What Risk Does Debt Bring?
Generally speaking, debt only becomes a real problem when a company can't easily pay it off, either by raising capital or with its own cash flow. In the worst case scenario, a company can go bankrupt if it cannot pay its creditors. While that is not too common, we often do see indebted companies permanently diluting shareholders because lenders force them to raise capital at a distressed price. Of course, the upside of debt is that it often represents cheap capital, especially when it replaces dilution in a company with the ability to reinvest at high rates of return. When we think about a company's use of debt, we first look at cash and debt together.
How Much Debt Does Nestlé India Carry?
The image below, which you can click on for greater detail, shows that at September 2025 Nestlé India had debt of ₹713.7m, up from ₹304.3m in one year. But it also has ₹3.66b in cash to offset that, meaning it has ₹2.95b net cash.
A Look At Nestlé India's Liabilities
The latest balance sheet data shows that Nestlé India had liabilities of ₹40.6b due within a year, and liabilities of ₹36.0b falling due after that. Offsetting this, it had ₹3.66b in cash and ₹3.33b in receivables that were due within 12 months. So its liabilities outweigh the sum of its cash and (near-term) receivables by ₹69.6b.
Since publicly traded Nestlé India shares are worth a very impressive total of ₹2.43t, it seems unlikely that this level of liabilities would be a major threat. But there are sufficient liabilities that we would certainly recommend shareholders continue to monitor the balance sheet, going forward. While it does have liabilities worth noting, Nestlé India also has more cash than debt, so we're pretty confident it can manage its debt safely.
Check out our latest analysis for Nestlé India
While Nestlé India doesn't seem to have gained much on the EBIT line, at least earnings remain stable for now. When analysing debt levels, the balance sheet is the obvious place to start. But it is future earnings, more than anything, that will determine Nestlé India's ability to maintain a healthy balance sheet going forward. So if you want to see what the professionals think, you might find this free report on analyst profit forecasts to be interesting.
Finally, while the tax-man may adore accounting profits, lenders only accept cold hard cash. While Nestlé India has net cash on its balance sheet, it's still worth taking a look at its ability to convert earnings before interest and tax (EBIT) to free cash flow, to help us understand how quickly it is building (or eroding) that cash balance. In the last three years, Nestlé India's free cash flow amounted to 43% of its EBIT, less than we'd expect. That's not great, when it comes to paying down debt.
Summing Up
While it is always sensible to look at a company's total liabilities, it is very reassuring that Nestlé India has ₹2.95b in net cash. So we are not troubled with Nestlé India's debt use. The balance sheet is clearly the area to focus on when you are analysing debt. But ultimately, every company can contain risks that exist outside of the balance sheet. To that end, you should be aware of the 1 warning sign we've spotted with Nestlé India .
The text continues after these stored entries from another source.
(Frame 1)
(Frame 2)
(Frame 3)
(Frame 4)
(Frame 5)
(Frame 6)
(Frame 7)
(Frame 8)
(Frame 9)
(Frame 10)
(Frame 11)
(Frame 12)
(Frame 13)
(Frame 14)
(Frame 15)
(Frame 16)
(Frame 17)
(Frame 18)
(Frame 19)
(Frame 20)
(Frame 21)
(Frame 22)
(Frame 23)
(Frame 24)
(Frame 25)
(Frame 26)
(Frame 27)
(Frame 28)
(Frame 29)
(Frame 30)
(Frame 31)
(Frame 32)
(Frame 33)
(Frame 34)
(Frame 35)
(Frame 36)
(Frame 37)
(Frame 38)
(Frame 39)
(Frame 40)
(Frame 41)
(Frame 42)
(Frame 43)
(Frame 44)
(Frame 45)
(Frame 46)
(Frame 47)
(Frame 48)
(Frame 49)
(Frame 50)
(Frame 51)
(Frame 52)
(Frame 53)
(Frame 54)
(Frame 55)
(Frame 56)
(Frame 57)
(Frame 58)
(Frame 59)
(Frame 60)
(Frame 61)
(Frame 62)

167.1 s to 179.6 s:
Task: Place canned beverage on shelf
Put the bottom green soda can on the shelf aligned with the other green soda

When all is said and done, sometimes its easier to focus on companies that don't even need debt. Readers can access a list of growth stocks with zero net debt 100% free, right now.
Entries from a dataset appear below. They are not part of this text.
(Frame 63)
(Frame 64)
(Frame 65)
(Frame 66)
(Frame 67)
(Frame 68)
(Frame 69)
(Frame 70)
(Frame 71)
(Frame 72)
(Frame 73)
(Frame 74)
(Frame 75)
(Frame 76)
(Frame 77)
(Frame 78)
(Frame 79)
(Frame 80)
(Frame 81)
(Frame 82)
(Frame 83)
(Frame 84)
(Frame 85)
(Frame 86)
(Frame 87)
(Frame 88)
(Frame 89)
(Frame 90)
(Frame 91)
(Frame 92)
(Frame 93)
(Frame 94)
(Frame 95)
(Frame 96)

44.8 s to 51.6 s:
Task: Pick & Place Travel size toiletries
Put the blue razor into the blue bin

Valuation is complex, but we're here to simplify it.
Discover if Nestlé India might be undervalued or overvalued with our detailed analysis, featuring fair value estimates, potential risks, dividends, insider trades, and its financial condition.
Access Free AnalysisHave feedback on this article? Concerned about the content? Get in touch with us directly. Alternatively, email editorial-team (at) simplywallst.com.
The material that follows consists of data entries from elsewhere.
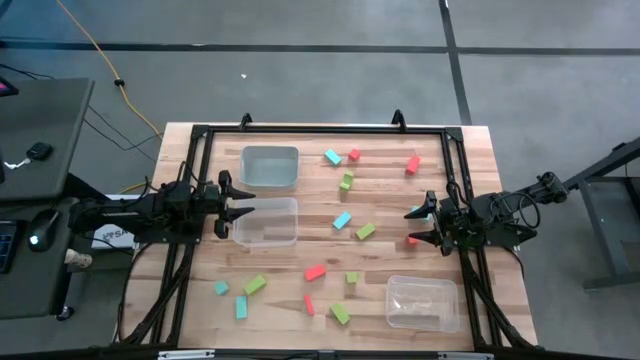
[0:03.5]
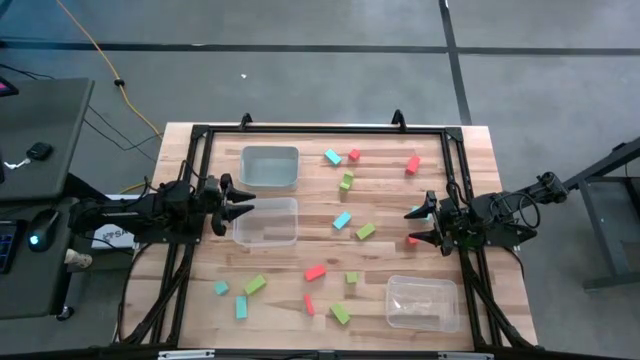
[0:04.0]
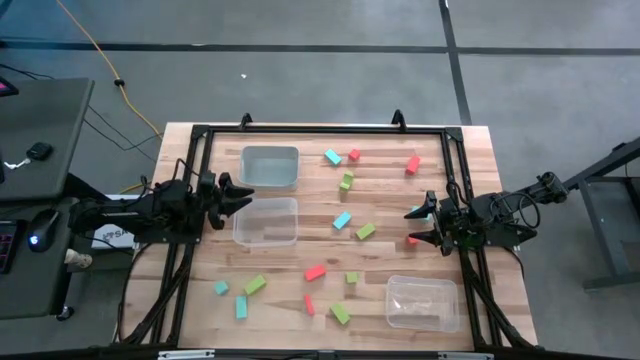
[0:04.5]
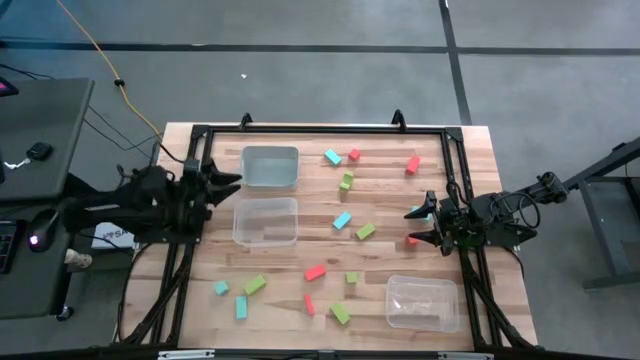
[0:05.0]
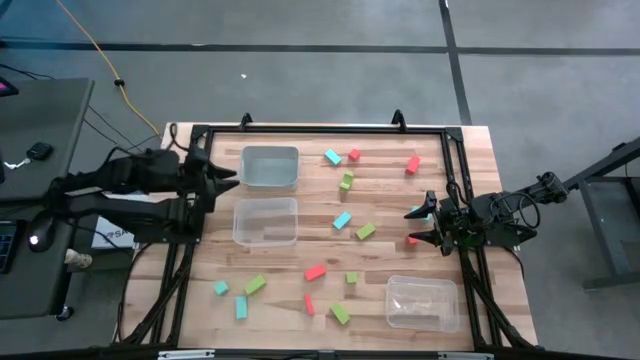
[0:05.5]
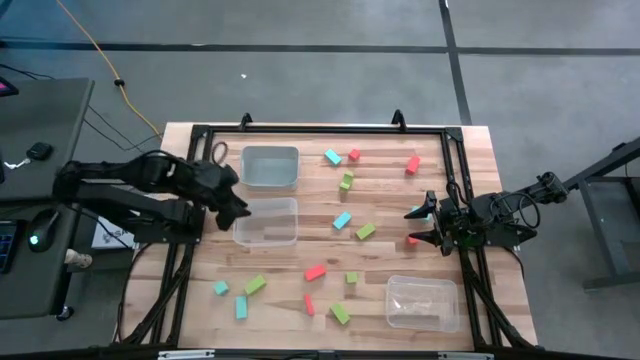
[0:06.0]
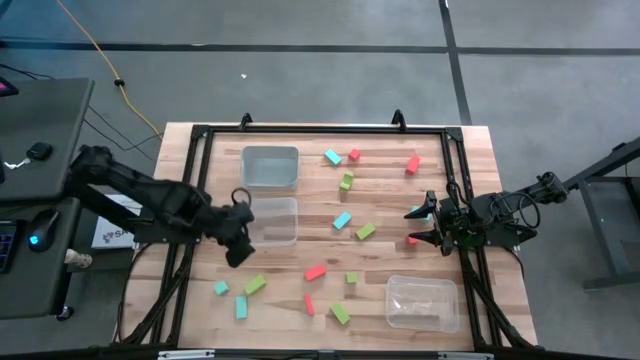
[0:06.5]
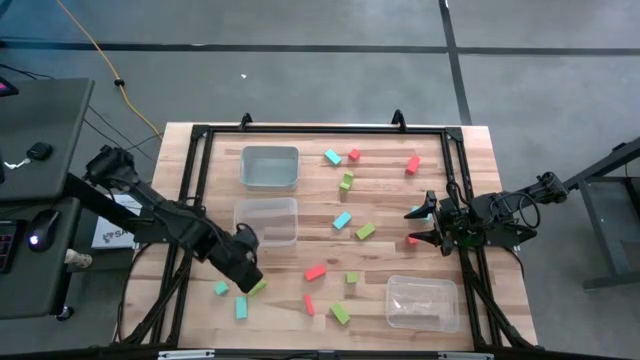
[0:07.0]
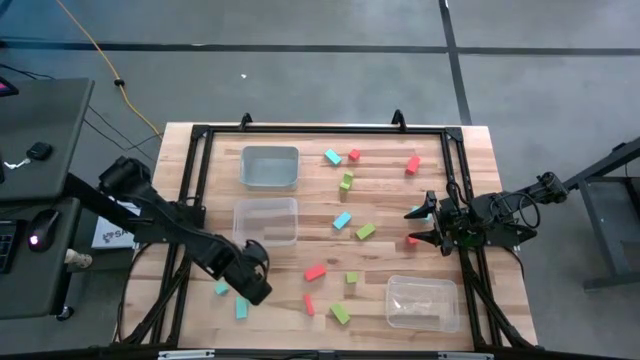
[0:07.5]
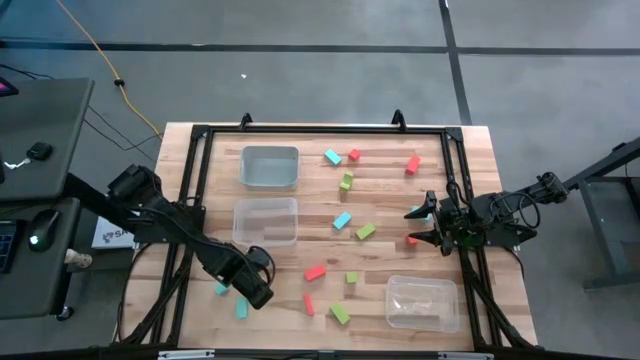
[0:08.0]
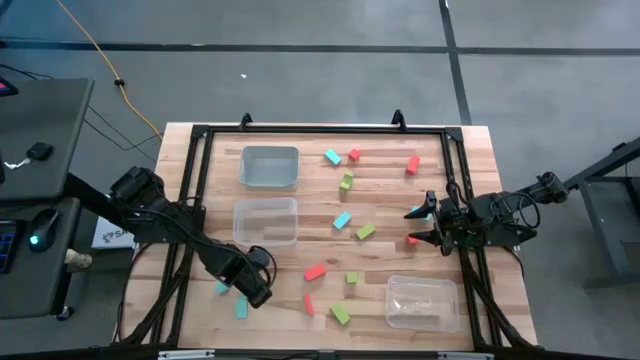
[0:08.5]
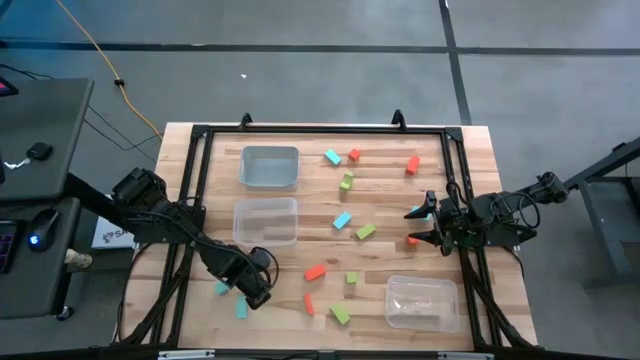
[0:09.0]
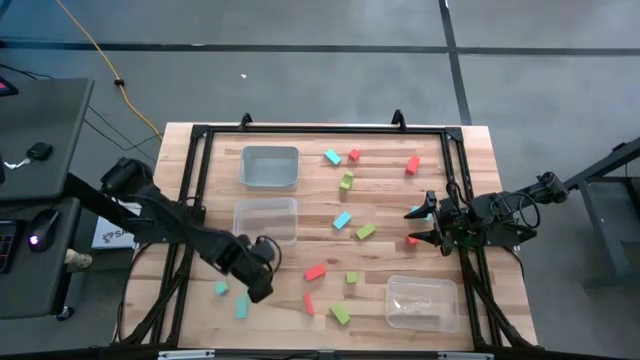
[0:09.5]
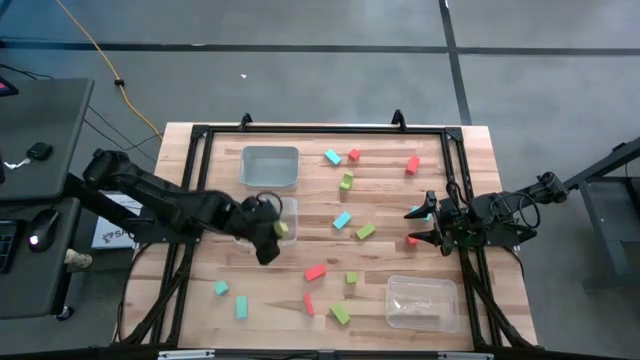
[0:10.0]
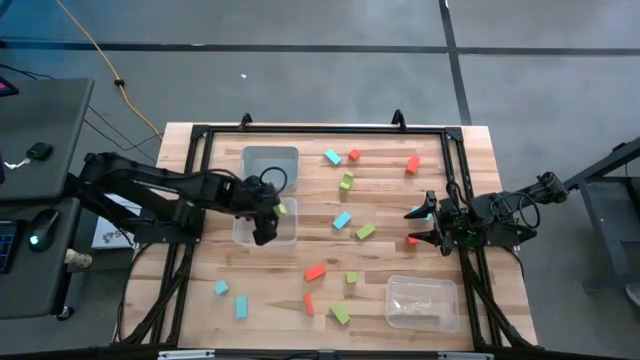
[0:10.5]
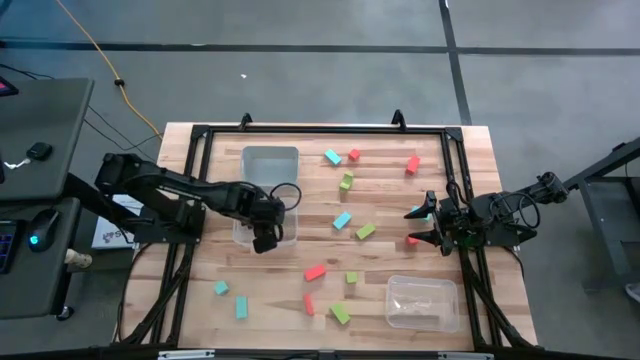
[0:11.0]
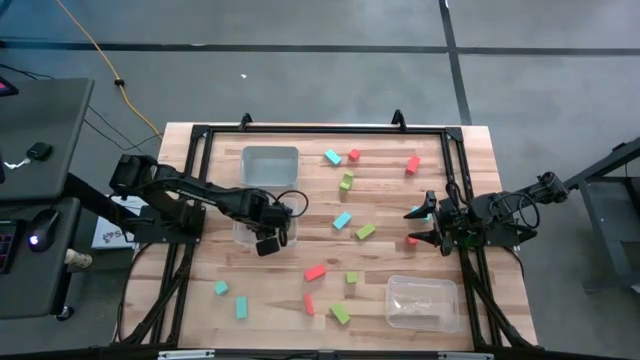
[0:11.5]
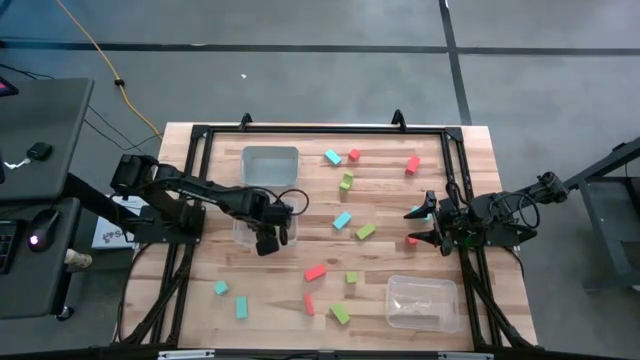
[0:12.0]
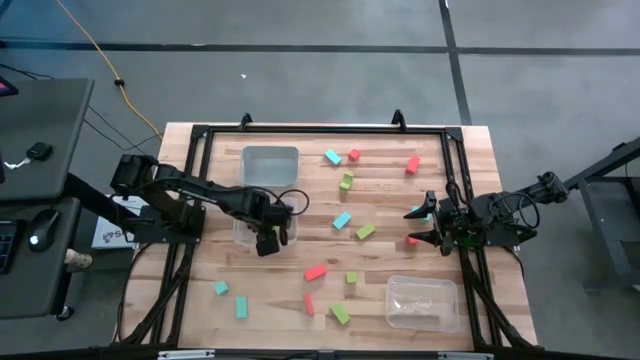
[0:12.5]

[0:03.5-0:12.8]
Task: Sort & place blocks by color
Put the green block into the left transparent bin

This article by Simply Wall St is general in nature. We provide commentary based on historical data and analyst forecasts only using an unbiased methodology and our articles are not intended to be financial advice. It does not constitute a recommendation to buy or sell any stock, and does not take account of your objectives, or your financial situation. We aim to bring you long-term focused analysis driven by fundamental data. Note that our analysis may not factor in the latest price-sensitive company announcements or qualitative material. Simply Wall St has no position in any stocks mentioned.
About NSEI:NESTLEIND
Nestlé India
Engages in the manufacture and sale of food products in India and internationally.
Adequate balance sheet with acceptable track record.
Similar Companies
Market Insights
Community Narratives


Recently Updated Narratives
Astor Enerji will surge with a fair value of $140.43 in the next 3 years
Proximus: The State-Backed Backup Plan with 7% Gross Yield and 15% Currency Upside.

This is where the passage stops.